__Task item__. How many separate lines of the data contain "text"? Give the count and nothing else.
======== Records for the task
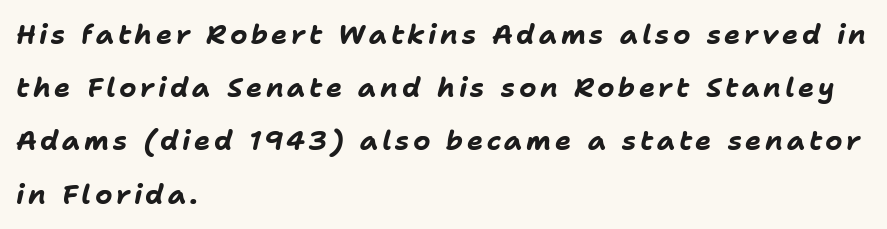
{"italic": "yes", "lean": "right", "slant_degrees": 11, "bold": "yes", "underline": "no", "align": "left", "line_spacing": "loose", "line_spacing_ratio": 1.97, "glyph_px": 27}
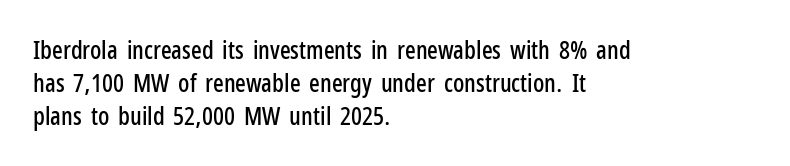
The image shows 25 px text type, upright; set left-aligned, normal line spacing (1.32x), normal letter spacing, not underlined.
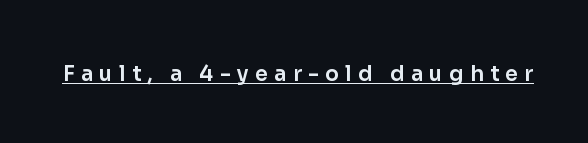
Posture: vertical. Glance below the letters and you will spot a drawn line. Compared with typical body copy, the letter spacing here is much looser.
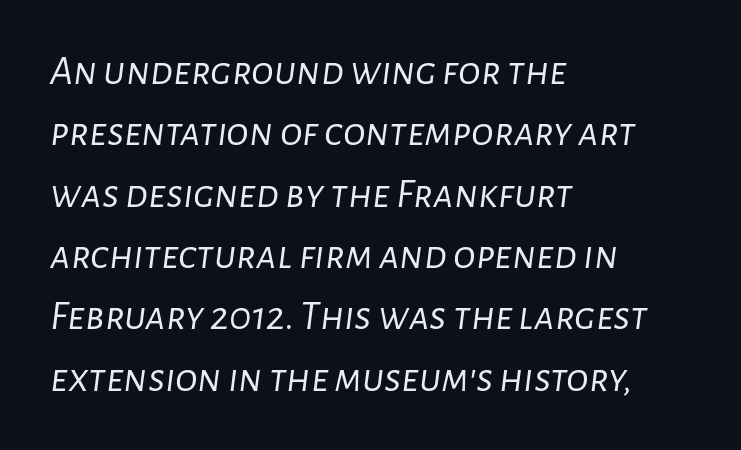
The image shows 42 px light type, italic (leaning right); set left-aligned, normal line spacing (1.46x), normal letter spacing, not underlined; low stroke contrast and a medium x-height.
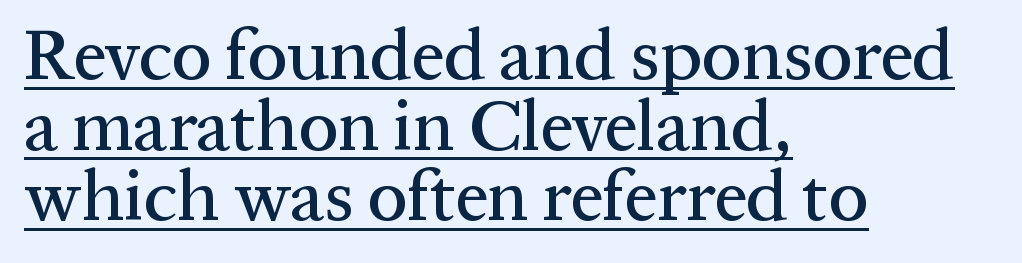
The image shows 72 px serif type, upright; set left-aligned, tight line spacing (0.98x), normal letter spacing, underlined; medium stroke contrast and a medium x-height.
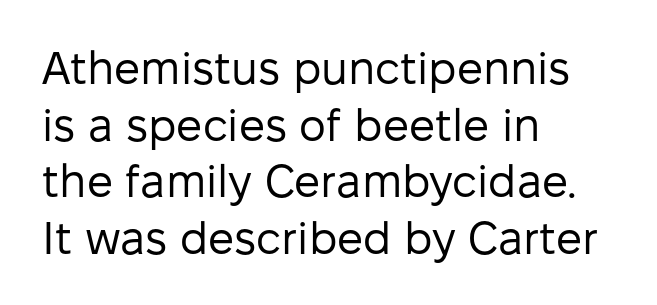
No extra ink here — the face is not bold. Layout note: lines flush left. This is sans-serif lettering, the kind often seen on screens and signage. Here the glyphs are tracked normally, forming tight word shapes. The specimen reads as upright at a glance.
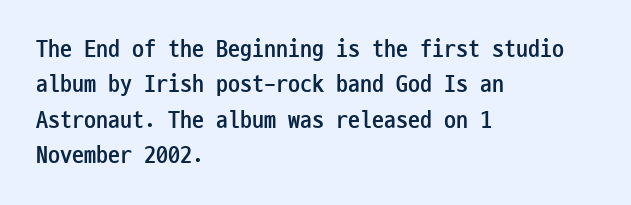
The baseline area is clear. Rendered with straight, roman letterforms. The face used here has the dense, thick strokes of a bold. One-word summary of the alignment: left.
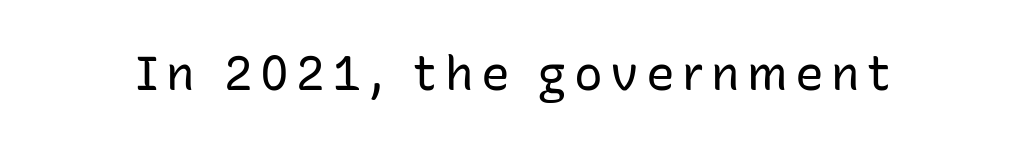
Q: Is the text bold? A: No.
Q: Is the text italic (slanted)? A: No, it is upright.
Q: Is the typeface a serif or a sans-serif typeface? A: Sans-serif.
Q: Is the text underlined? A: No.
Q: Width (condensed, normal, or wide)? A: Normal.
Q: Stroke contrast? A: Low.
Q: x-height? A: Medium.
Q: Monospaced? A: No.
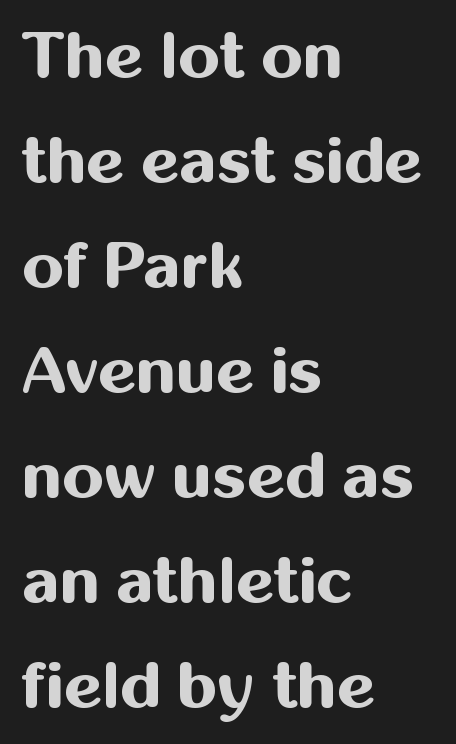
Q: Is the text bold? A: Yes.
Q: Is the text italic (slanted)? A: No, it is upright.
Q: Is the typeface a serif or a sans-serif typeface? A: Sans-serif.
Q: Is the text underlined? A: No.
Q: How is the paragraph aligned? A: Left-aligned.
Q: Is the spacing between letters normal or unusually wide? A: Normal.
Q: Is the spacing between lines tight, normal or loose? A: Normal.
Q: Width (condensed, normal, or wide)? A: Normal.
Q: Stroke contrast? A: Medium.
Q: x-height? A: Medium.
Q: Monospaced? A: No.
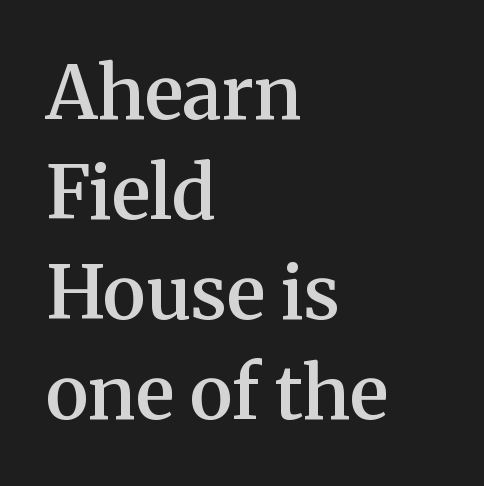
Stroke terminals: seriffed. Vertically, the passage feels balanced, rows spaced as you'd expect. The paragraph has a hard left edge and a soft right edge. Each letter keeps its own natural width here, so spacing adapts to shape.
================
======== Records for the task
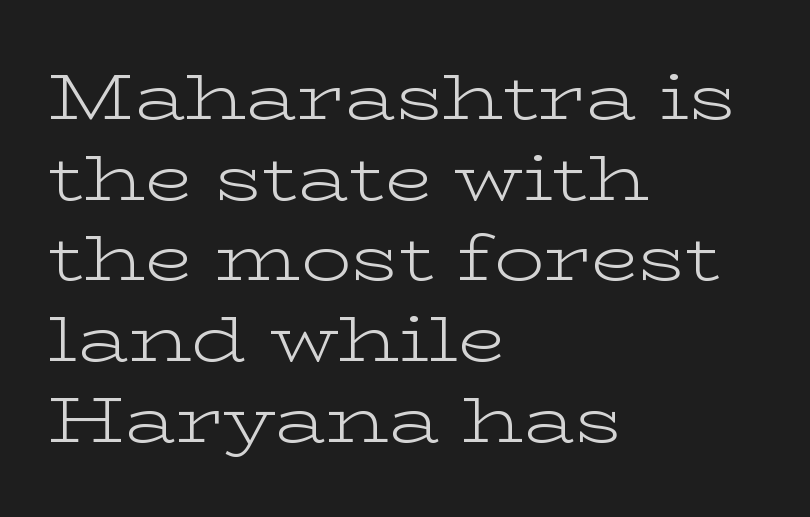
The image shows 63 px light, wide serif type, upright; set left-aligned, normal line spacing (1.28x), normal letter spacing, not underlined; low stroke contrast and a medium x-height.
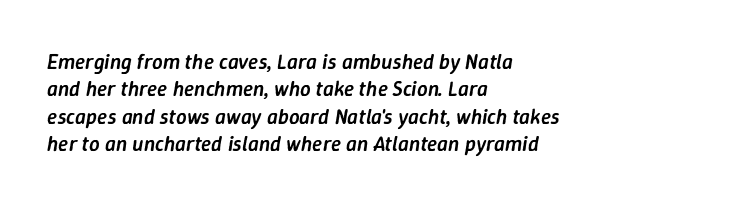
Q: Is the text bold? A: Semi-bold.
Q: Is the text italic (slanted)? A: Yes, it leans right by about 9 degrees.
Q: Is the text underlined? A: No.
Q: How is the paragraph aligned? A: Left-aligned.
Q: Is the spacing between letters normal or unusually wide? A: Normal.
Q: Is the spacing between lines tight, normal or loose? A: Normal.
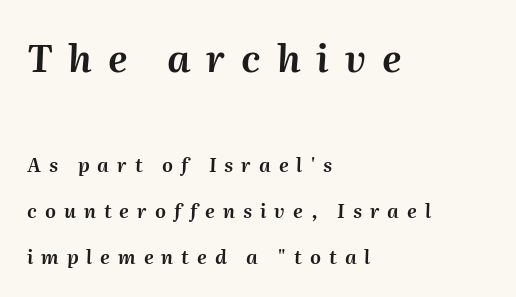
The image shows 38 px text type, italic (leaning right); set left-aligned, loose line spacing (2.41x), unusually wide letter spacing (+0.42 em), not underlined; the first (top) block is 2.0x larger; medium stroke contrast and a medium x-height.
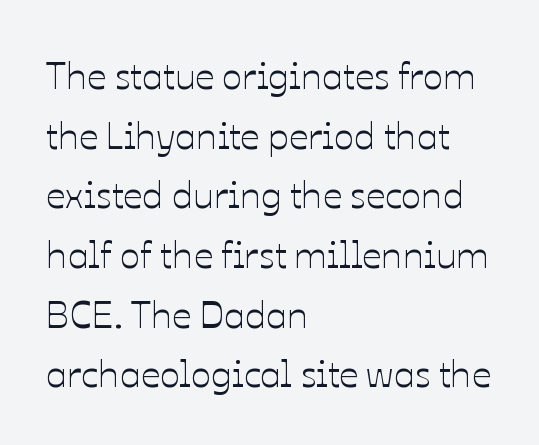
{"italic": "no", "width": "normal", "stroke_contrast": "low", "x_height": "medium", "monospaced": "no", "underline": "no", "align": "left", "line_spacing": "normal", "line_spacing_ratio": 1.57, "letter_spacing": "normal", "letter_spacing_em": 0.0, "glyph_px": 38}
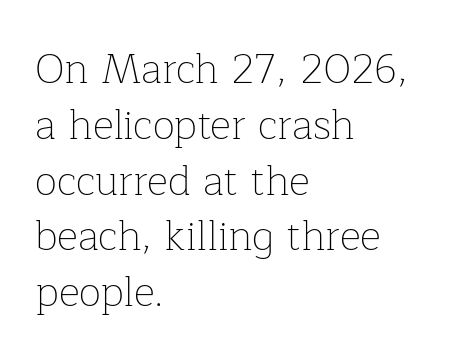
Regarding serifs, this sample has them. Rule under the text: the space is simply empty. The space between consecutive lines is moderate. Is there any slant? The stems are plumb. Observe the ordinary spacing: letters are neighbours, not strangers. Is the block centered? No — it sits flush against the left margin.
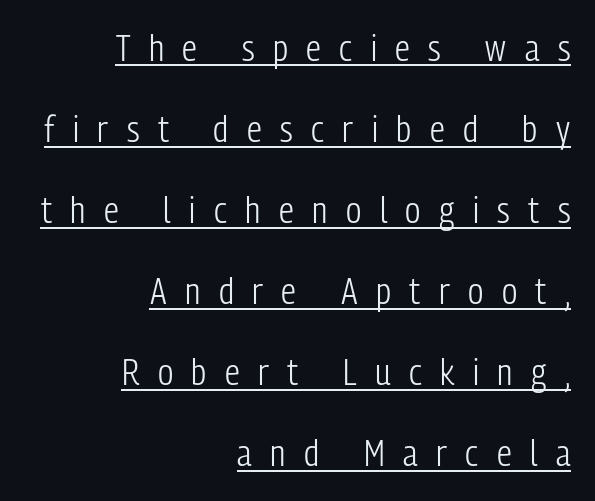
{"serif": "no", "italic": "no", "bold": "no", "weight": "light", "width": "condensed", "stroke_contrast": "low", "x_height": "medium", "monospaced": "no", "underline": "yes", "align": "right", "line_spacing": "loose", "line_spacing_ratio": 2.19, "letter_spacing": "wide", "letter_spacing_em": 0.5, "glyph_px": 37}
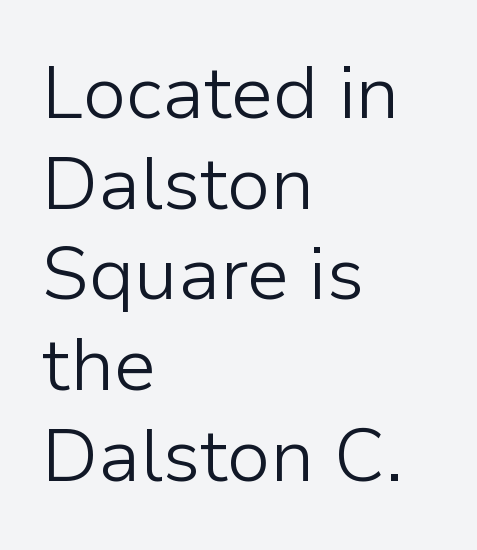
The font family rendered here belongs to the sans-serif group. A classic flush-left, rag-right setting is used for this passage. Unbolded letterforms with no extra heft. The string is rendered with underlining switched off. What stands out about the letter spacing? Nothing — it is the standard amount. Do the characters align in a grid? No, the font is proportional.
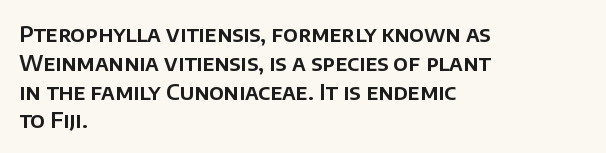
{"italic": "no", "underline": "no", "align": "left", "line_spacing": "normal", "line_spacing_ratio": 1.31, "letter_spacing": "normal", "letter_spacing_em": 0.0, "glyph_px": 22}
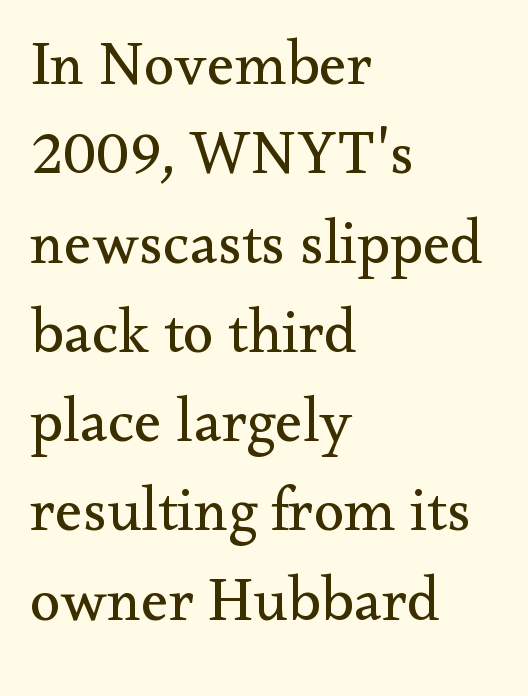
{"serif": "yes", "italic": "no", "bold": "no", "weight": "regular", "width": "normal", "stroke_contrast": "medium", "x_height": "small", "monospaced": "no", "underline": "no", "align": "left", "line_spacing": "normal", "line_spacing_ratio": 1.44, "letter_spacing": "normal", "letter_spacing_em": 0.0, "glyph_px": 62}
================
__Output__. 12